During the conversational half of this TalkingGigs performance, the group’s musical director Janos Lang expresses his hope that they will one day be able to expand to become an entire Roma orchestra. In the meantime, and in between chat with TalkingGigs programmer Alasdair Dempster, Lang invites the Polish, Romanian and Slovakian sections of the band to the microphone in turn to share their local variations on this deep musical tradition.

The Polish performance highlights the group’s two lead singers alongside accordion and bass, while the Romanian section starts with plaintive, yearning violin before morphing into an upbeat dance tune thanks to Lang’s spirited playing.

After the Slovakian showcase brings acoustic guitar to the mix, Lang speaks of how the group aims to connect Scotland’s often isolated Roma communities to each other and to their shared “intangible cultural heritage”.

In the second half, like in ‘Young Person's Guide to the Orchestra’, we got to hear what it sounded like all together. The effect was more than the sum of its (already impressive) parts. With full nine-piece band in effect, the group launches into a series of classic Roma folk tunes and dance numbers. This is lyrical, full-bodied music, where the expressive violins pick out a vocal line even when nobody’s singing. The wandering basslines are especially enjoyable – the bass seems free to explore a full range of musical expression, untethered from its more pedestrian role in English folk culture.

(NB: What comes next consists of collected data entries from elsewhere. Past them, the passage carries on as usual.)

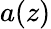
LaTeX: a(z)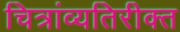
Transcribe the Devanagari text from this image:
चित्रांव्यतिरीक्त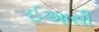
ઈઆસી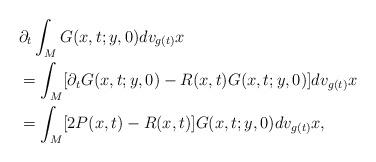
LaTeX: \begin{align*} &\partial_t\int_MG(x,t;y,0) dv_{g(t)}x\\ & =\int_M [\partial_tG(x,t;y,0)-R(x,t)G(x,t;y,0)] dv_{g(t)}x \\ &=\int_M [2P(x,t)-R(x,t)] G(x,t;y,0) dv_{g(t)}x, \end{align*}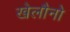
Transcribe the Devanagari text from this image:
खेलौनो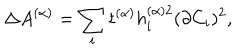
\Delta A ^ { ( \alpha ) } = \sum _ { i } t ^ { ( \alpha ) } h _ { i } ^ { ( \alpha ) 2 } ( \partial C _ { i } ) ^ { 2 } ,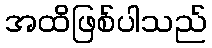
အထိဖြစ်ပါသည်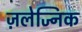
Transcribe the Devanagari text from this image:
ज़लेज्निक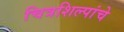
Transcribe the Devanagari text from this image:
चित्रशिल्पांचे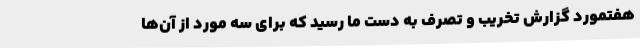
هفتمورد گزارش تخریب و تصرف به دست ما رسید که برای سه مورد از آن‌ها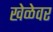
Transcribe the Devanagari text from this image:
खेळेवर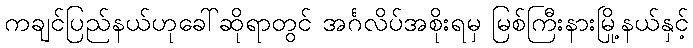
ကချင်ပြည်နယ်ဟုခေါ်ဆိုရာတွင် အင်္ဂလိပ်အစိုးရမှ မြစ်ကြီးနားမြို့နယ်နှင့်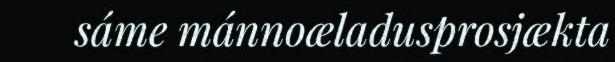
sáme mánnoæladusprosjækta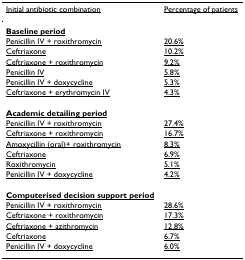
<table><thead><tr><td><b><underline>Initial antibiotic combination</underline></b></td><td><b><underline>Percentage of patients</underline></b></td></tr></thead><tbody><tr><td><b><underline>Baseline period</underline></b></td><td></td></tr><tr><td><underline>Penicillin IV + roxithromycin</underline></td><td><underline>20.6%</underline></td></tr><tr><td><underline>Ceftriaxone</underline></td><td><underline>10.2%</underline></td></tr><tr><td><underline>Ceftriaxone + roxithromycin</underline></td><td><underline>9.2%</underline></td></tr><tr><td><underline>Penicillin IV</underline></td><td><underline>5.8%</underline></td></tr><tr><td><underline>Penicillin IV + doxycycline</underline></td><td><underline>5.3%</underline></td></tr><tr><td><underline>Ceftriaxone + erythromycin IV</underline></td><td><underline>4.3%</underline></td></tr><tr><td><b><underline>Academic detailing period</underline></b></td><td></td></tr><tr><td><underline>Penicillin IV + roxithromycin</underline></td><td><underline>27.4%</underline></td></tr><tr><td><underline>Ceftriaxone + roxithromycin</underline></td><td><underline>16.7%</underline></td></tr><tr><td><underline>Amoxycillin (oral)+ roxithromycin</underline></td><td><underline>8.3%</underline></td></tr><tr><td><underline>Ceftriaxone</underline></td><td><underline>6.9%</underline></td></tr><tr><td><underline>Roxithromycin</underline></td><td><underline>5.1%</underline></td></tr><tr><td><underline>Penicillin IV + doxycycline</underline></td><td><underline>4.2%</underline></td></tr><tr><td><b><underline>Computerised decision support period</underline></b></td><td></td></tr><tr><td><underline>Penicillin IV + roxithromycin</underline></td><td><underline>28.6%</underline></td></tr><tr><td><underline>Ceftriaxone + roxithromycin</underline></td><td><underline>17.3%</underline></td></tr><tr><td><underline>Ceftriaxone + azithromycin</underline></td><td><underline>12.8%</underline></td></tr><tr><td><underline>Ceftriaxone</underline></td><td><underline>6.7%</underline></td></tr><tr><td><underline>Penicillin IV + doxycycline</underline></td><td><underline>6.0%</underline></td></tr></tbody></table>

The sharp-dressed group alternate between two modes: more reflective, soul-searching songs that benefit from the expressiveness of singers Mania and Diana Mastej, and more upbeat dance numbers that rattle along with a velocity and momentum that suggests they could play in perpetuity. The third tune adds rich and emotive accordion playing, while the fifth brings Latin grooves to the fore.

By the encore, a 30-strong impromptu dancefloor has formed at the front of Firth Hall, and the band oblige with what Lang describes as “hardcore dance music from Transylvania”.

Playing on International Women’s Day, the final tunes are dedicated to women in Palestine, earning a thunderous round of applause. Called back for a second encore by a restless dancefloor, the group launch into a slow jam that switches up halfway through, transforming into a riotous and free-spirited boogie.


The TalkingGigs performance was raising money for asylum charity ASSIST Sheffield.